While it’s always challenging to lose your job, the severance package offered by your employer can soften the blow. However, before accepting a lump sum severance payment, it’s worth considering the benefits of requesting to spread out your severance package over a longer period. And this tip is not just about making your payout last longer for the recently laid off. Because severance pay is taxed as ordinary income, distributing it out over time is an easy way to keep yourself in a lower tax bracket.
If you recently lost your job, here’s what to know about how your severance will be taxed and how you can make the most of your severance package.
Is severance pay taxed?
Severance is taxed just like ordinary income, at the ordinary income tax brackets. This means you’ll pay federal income taxes, Social Security, Medicare, and federal unemployment tax on your severance pay, just as you would for your regular wages. So while you can’t (legally) avoid taxes on your severance package, there are ways to strategically minimize your tax burden.
Why spread out your severance package?
Spreading out your severance package offers several advantages that can help you manage your finances more effectively:
Tax benefits
If you want to pay fewer taxes, you should have your severance paid out in two separate years. If you’re expecting a lower income in the following year, it might be advantageous to delay the payment until then to lower your tax bracket for this year. Otherwise, receiving a single large lump-sum payment now could push you into a higher tax bracket.
If your severance pay includes a pension or retirement plan distribution, consider rolling it over into an eligible tax-advantaged account.
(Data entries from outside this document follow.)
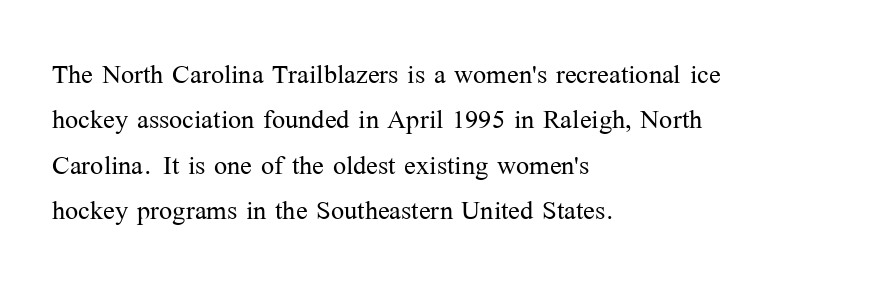
The image shows 35 px light serif type, upright; set left-aligned, normal line spacing (1.3x), normal letter spacing, not underlined; medium stroke contrast and a medium x-height.
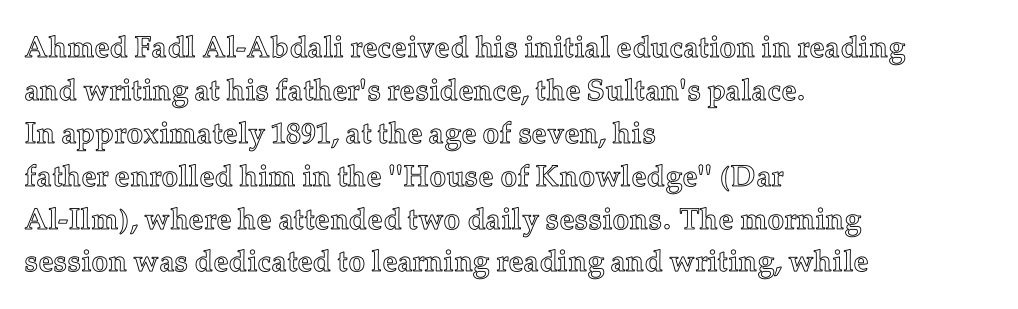
Q: Is the text italic (slanted)? A: No, it is upright.
Q: Is the text underlined? A: No.
Q: How is the paragraph aligned? A: Left-aligned.
Q: Is the spacing between letters normal or unusually wide? A: Normal.
Q: Is the spacing between lines tight, normal or loose? A: Normal.
Q: Width (condensed, normal, or wide)? A: Normal.
Q: x-height? A: Medium.
Q: Monospaced? A: No.

This might be your IRA, 401(k), or even HSA. This move can help you defer taxes on that portion until you withdraw the funds in the future.
Extended health coverage
Many severance packages include health insurance coverage for a specific duration. By spreading out the package, you could prolong your access to these benefits.
Steady income stream
Opting for periodic payments ensures a consistent income stream, helping you maintain financial stability over an extended period. And with that stability comes the freedom to take your time to find the right job opportunity, rather than rushing into a decision due to financial pressures.
Tips for spreading out your severance package
Carefully read through the terms of your severance package to understand the lump sum amount offered, the potential duration of the payments, and any other benefits included.
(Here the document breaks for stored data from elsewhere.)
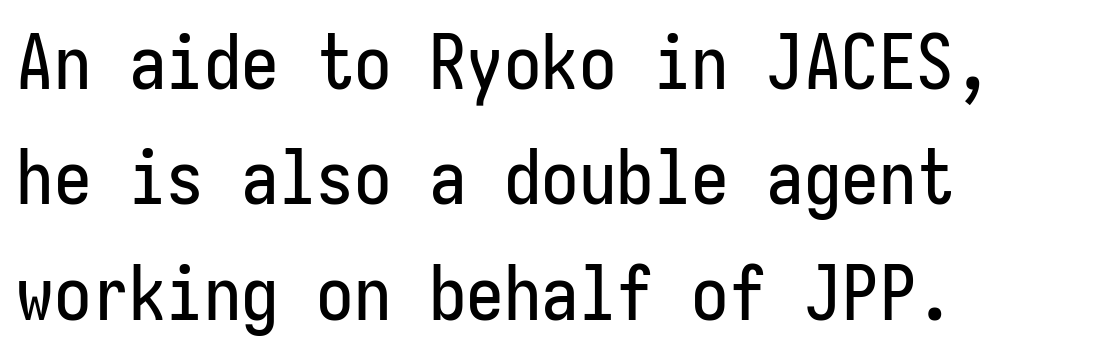
Q: Is the text italic (slanted)? A: No, it is upright.
Q: Is the typeface a serif or a sans-serif typeface? A: Sans-serif.
Q: Is the text underlined? A: No.
Q: How is the paragraph aligned? A: Left-aligned.
Q: Is the spacing between letters normal or unusually wide? A: Normal.
Q: Is the spacing between lines tight, normal or loose? A: Normal.
Q: Width (condensed, normal, or wide)? A: Condensed.
Q: Stroke contrast? A: Low.
Q: x-height? A: Medium.
Q: Monospaced? A: Yes.

Consider drafting a formal proposal outlining your reasons for requesting a spread-out severance package. Emphasize the benefits to both you and the company, such as reduced tax liability and the assurance of a dedicated employee during any existing transition period.
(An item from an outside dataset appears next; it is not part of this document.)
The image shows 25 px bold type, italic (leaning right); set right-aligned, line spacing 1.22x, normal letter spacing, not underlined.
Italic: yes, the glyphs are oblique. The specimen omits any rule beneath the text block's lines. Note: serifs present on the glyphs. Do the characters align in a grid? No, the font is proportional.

Be prepared for negotiation. Your employer may have their own concerns, so be flexible and willing to find a middle ground that satisfies both parties. Once an agreement is reached, ensure all the details are documented in writing. This will serve as a reference point to avoid misunderstandings in the future.
The bottom line
Requesting to spread out your severance package can be a strategic move that benefits both your financial stability and the company’s transition process. While there is no way to completely avoid paying taxes on severance, you can be proactive and reduce the amount of severance that will be taxed. Make sure you get advice from a financial professional so you get the best possible tax benefits for your personal situation.